Work task.
Repeat, word for word, each of the records shown below, without their pictures.

──────

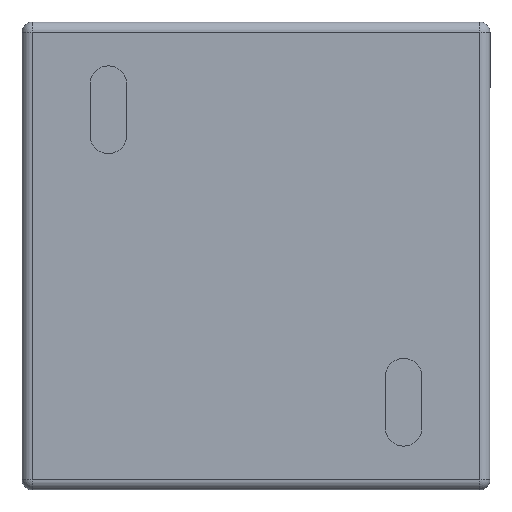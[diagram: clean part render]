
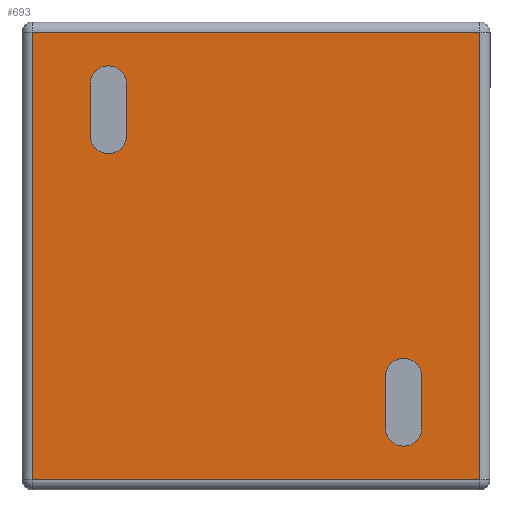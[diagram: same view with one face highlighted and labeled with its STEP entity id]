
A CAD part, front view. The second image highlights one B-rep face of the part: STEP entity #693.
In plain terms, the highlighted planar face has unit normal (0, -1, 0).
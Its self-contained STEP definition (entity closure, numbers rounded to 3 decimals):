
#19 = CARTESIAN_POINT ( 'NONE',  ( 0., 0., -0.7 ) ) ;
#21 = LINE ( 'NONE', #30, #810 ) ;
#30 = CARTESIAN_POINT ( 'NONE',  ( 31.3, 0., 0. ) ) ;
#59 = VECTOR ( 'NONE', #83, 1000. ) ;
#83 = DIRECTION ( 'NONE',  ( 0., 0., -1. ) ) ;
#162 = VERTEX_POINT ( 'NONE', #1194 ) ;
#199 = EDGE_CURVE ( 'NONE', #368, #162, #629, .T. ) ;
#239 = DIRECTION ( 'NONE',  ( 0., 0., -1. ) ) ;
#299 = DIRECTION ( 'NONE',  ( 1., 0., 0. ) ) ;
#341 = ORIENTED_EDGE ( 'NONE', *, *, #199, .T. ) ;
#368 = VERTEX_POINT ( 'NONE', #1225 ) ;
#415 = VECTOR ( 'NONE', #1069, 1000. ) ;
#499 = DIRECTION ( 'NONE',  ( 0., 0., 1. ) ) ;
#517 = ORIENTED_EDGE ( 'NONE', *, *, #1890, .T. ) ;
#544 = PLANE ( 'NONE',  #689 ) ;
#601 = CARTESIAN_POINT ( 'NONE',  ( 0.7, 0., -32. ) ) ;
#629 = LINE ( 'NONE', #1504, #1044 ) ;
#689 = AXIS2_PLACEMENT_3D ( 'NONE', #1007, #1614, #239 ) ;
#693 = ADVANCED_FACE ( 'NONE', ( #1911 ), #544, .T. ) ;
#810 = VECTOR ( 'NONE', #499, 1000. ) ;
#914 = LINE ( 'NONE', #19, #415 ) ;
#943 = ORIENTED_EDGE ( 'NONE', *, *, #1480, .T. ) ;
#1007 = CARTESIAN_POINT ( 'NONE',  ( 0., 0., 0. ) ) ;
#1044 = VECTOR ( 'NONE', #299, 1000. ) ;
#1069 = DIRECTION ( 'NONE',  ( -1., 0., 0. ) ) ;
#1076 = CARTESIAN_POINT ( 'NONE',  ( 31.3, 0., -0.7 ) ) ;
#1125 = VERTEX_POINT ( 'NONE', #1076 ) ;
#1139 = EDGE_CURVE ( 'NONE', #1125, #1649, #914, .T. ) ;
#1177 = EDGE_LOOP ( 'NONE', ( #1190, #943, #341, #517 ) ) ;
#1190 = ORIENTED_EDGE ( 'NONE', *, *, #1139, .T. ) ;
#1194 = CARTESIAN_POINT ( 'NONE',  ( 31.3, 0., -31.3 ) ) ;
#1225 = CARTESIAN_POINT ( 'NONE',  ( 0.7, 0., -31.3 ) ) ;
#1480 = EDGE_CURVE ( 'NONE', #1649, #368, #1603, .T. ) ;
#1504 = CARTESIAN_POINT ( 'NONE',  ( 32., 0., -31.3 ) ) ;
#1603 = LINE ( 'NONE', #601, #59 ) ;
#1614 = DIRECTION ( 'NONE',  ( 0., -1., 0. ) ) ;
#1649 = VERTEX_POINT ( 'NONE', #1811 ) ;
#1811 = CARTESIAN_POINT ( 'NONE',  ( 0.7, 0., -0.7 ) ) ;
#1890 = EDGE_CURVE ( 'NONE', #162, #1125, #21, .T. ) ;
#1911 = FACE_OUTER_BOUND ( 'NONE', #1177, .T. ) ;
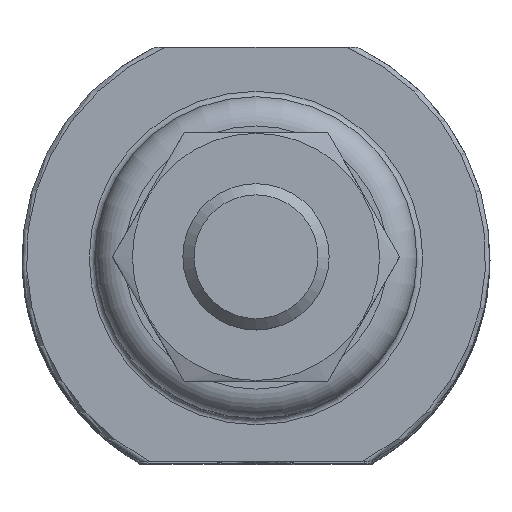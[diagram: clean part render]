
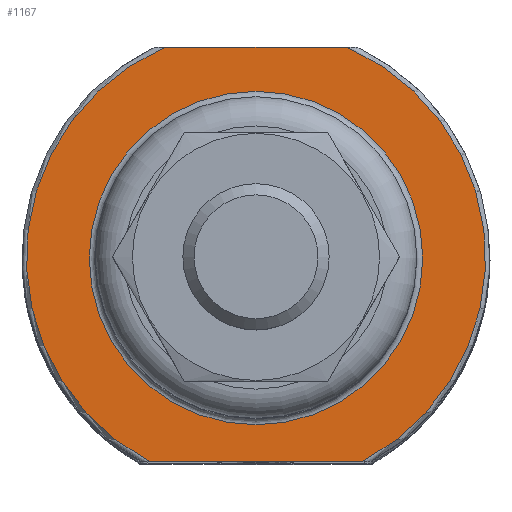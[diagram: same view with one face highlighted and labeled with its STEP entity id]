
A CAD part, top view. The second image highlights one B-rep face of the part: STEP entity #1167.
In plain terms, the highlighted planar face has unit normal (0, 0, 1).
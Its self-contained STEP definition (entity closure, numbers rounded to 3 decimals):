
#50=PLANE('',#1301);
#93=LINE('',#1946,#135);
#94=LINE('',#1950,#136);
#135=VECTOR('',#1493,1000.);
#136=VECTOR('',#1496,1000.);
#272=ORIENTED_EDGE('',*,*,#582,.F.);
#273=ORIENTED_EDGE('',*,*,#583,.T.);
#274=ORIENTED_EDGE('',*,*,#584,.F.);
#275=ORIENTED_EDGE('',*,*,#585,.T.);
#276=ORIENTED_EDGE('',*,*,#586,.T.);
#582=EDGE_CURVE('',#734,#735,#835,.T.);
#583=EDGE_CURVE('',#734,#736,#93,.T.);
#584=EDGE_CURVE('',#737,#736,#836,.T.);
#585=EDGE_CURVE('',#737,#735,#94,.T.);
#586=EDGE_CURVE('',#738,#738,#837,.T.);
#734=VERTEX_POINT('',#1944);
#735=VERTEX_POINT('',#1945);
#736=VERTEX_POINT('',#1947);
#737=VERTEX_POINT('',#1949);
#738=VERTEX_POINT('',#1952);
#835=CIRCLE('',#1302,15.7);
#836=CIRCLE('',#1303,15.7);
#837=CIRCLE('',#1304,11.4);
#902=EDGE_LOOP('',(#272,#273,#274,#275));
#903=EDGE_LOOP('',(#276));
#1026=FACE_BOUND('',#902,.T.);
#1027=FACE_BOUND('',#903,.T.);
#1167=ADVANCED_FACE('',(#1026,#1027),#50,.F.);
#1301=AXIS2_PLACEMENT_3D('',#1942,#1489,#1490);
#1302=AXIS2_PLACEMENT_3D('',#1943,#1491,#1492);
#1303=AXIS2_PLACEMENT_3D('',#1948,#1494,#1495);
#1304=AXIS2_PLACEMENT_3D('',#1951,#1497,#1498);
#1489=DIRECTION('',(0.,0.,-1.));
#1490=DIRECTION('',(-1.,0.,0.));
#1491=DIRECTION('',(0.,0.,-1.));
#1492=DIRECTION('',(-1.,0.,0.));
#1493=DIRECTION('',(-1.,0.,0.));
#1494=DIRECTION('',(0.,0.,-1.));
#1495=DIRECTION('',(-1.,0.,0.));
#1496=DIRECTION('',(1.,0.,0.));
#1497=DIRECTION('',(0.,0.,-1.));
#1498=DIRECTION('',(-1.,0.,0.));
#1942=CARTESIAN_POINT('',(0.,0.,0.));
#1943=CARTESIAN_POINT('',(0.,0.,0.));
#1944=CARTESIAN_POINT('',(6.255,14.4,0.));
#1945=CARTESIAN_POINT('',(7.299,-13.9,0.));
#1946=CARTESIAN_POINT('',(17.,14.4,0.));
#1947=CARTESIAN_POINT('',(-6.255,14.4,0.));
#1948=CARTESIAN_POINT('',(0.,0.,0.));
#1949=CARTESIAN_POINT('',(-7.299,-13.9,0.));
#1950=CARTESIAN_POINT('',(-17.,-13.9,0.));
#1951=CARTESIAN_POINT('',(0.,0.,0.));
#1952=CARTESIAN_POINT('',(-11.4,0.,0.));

──────

Answer to the exercise.
[diagram: clean part render]
[diagram: same view with one face highlighted and labeled with its STEP entity id]
A CAD part, front view. The second image highlights one B-rep face of the part: STEP entity #693.
In plain terms, the highlighted planar face has unit normal (0, -1, 0).
Its self-contained STEP definition (entity closure, numbers rounded to 3 decimals):
#19 = CARTESIAN_POINT ( 'NONE',  ( 0., 0., -0.7 ) ) ;
#21 = LINE ( 'NONE', #30, #810 ) ;
#30 = CARTESIAN_POINT ( 'NONE',  ( 31.3, 0., 0. ) ) ;
#59 = VECTOR ( 'NONE', #83, 1000. ) ;
#83 = DIRECTION ( 'NONE',  ( 0., 0., -1. ) ) ;
#162 = VERTEX_POINT ( 'NONE', #1194 ) ;
#199 = EDGE_CURVE ( 'NONE', #368, #162, #629, .T. ) ;
#239 = DIRECTION ( 'NONE',  ( 0., 0., -1. ) ) ;
#299 = DIRECTION ( 'NONE',  ( 1., 0., 0. ) ) ;
#341 = ORIENTED_EDGE ( 'NONE', *, *, #199, .T. ) ;
#368 = VERTEX_POINT ( 'NONE', #1225 ) ;
#415 = VECTOR ( 'NONE', #1069, 1000. ) ;
#499 = DIRECTION ( 'NONE',  ( 0., 0., 1. ) ) ;
#517 = ORIENTED_EDGE ( 'NONE', *, *, #1890, .T. ) ;
#544 = PLANE ( 'NONE',  #689 ) ;
#601 = CARTESIAN_POINT ( 'NONE',  ( 0.7, 0., -32. ) ) ;
#629 = LINE ( 'NONE', #1504, #1044 ) ;
#689 = AXIS2_PLACEMENT_3D ( 'NONE', #1007, #1614, #239 ) ;
#693 = ADVANCED_FACE ( 'NONE', ( #1911 ), #544, .T. ) ;
#810 = VECTOR ( 'NONE', #499, 1000. ) ;
#914 = LINE ( 'NONE', #19, #415 ) ;
#943 = ORIENTED_EDGE ( 'NONE', *, *, #1480, .T. ) ;
#1007 = CARTESIAN_POINT ( 'NONE',  ( 0., 0., 0. ) ) ;
#1044 = VECTOR ( 'NONE', #299, 1000. ) ;
#1069 = DIRECTION ( 'NONE',  ( -1., 0., 0. ) ) ;
#1076 = CARTESIAN_POINT ( 'NONE',  ( 31.3, 0., -0.7 ) ) ;
#1125 = VERTEX_POINT ( 'NONE', #1076 ) ;
#1139 = EDGE_CURVE ( 'NONE', #1125, #1649, #914, .T. ) ;
#1177 = EDGE_LOOP ( 'NONE', ( #1190, #943, #341, #517 ) ) ;
#1190 = ORIENTED_EDGE ( 'NONE', *, *, #1139, .T. ) ;
#1194 = CARTESIAN_POINT ( 'NONE',  ( 31.3, 0., -31.3 ) ) ;
#1225 = CARTESIAN_POINT ( 'NONE',  ( 0.7, 0., -31.3 ) ) ;
#1480 = EDGE_CURVE ( 'NONE', #1649, #368, #1603, .T. ) ;
#1504 = CARTESIAN_POINT ( 'NONE',  ( 32., 0., -31.3 ) ) ;
#1603 = LINE ( 'NONE', #601, #59 ) ;
#1614 = DIRECTION ( 'NONE',  ( 0., -1., 0. ) ) ;
#1649 = VERTEX_POINT ( 'NONE', #1811 ) ;
#1811 = CARTESIAN_POINT ( 'NONE',  ( 0.7, 0., -0.7 ) ) ;
#1890 = EDGE_CURVE ( 'NONE', #162, #1125, #21, .T. ) ;
#1911 = FACE_OUTER_BOUND ( 'NONE', #1177, .T. ) ;
[diagram: clean part render]
[diagram: same view with one face highlighted and labeled with its STEP entity id]
A CAD part, top view. The second image highlights one B-rep face of the part: STEP entity #1167.
In plain terms, the highlighted planar face has unit normal (0, 0, 1).
Its self-contained STEP definition (entity closure, numbers rounded to 3 decimals):
#50=PLANE('',#1301);
#93=LINE('',#1946,#135);
#94=LINE('',#1950,#136);
#135=VECTOR('',#1493,1000.);
#136=VECTOR('',#1496,1000.);
#272=ORIENTED_EDGE('',*,*,#582,.F.);
#273=ORIENTED_EDGE('',*,*,#583,.T.);
#274=ORIENTED_EDGE('',*,*,#584,.F.);
#275=ORIENTED_EDGE('',*,*,#585,.T.);
#276=ORIENTED_EDGE('',*,*,#586,.T.);
#582=EDGE_CURVE('',#734,#735,#835,.T.);
#583=EDGE_CURVE('',#734,#736,#93,.T.);
#584=EDGE_CURVE('',#737,#736,#836,.T.);
#585=EDGE_CURVE('',#737,#735,#94,.T.);
#586=EDGE_CURVE('',#738,#738,#837,.T.);
#734=VERTEX_POINT('',#1944);
#735=VERTEX_POINT('',#1945);
#736=VERTEX_POINT('',#1947);
#737=VERTEX_POINT('',#1949);
#738=VERTEX_POINT('',#1952);
#835=CIRCLE('',#1302,15.7);
#836=CIRCLE('',#1303,15.7);
#837=CIRCLE('',#1304,11.4);
#902=EDGE_LOOP('',(#272,#273,#274,#275));
#903=EDGE_LOOP('',(#276));
#1026=FACE_BOUND('',#902,.T.);
#1027=FACE_BOUND('',#903,.T.);
#1167=ADVANCED_FACE('',(#1026,#1027),#50,.F.);
#1301=AXIS2_PLACEMENT_3D('',#1942,#1489,#1490);
#1302=AXIS2_PLACEMENT_3D('',#1943,#1491,#1492);
#1303=AXIS2_PLACEMENT_3D('',#1948,#1494,#1495);
#1304=AXIS2_PLACEMENT_3D('',#1951,#1497,#1498);
#1489=DIRECTION('',(0.,0.,-1.));
#1490=DIRECTION('',(-1.,0.,0.));
#1491=DIRECTION('',(0.,0.,-1.));
#1492=DIRECTION('',(-1.,0.,0.));
#1493=DIRECTION('',(-1.,0.,0.));
#1494=DIRECTION('',(0.,0.,-1.));
#1495=DIRECTION('',(-1.,0.,0.));
#1496=DIRECTION('',(1.,0.,0.));
#1497=DIRECTION('',(0.,0.,-1.));
#1498=DIRECTION('',(-1.,0.,0.));
#1942=CARTESIAN_POINT('',(0.,0.,0.));
#1943=CARTESIAN_POINT('',(0.,0.,0.));
#1944=CARTESIAN_POINT('',(6.255,14.4,0.));
#1945=CARTESIAN_POINT('',(7.299,-13.9,0.));
#1946=CARTESIAN_POINT('',(17.,14.4,0.));
#1947=CARTESIAN_POINT('',(-6.255,14.4,0.));
#1948=CARTESIAN_POINT('',(0.,0.,0.));
#1949=CARTESIAN_POINT('',(-7.299,-13.9,0.));
#1950=CARTESIAN_POINT('',(-17.,-13.9,0.));
#1951=CARTESIAN_POINT('',(0.,0.,0.));
#1952=CARTESIAN_POINT('',(-11.4,0.,0.));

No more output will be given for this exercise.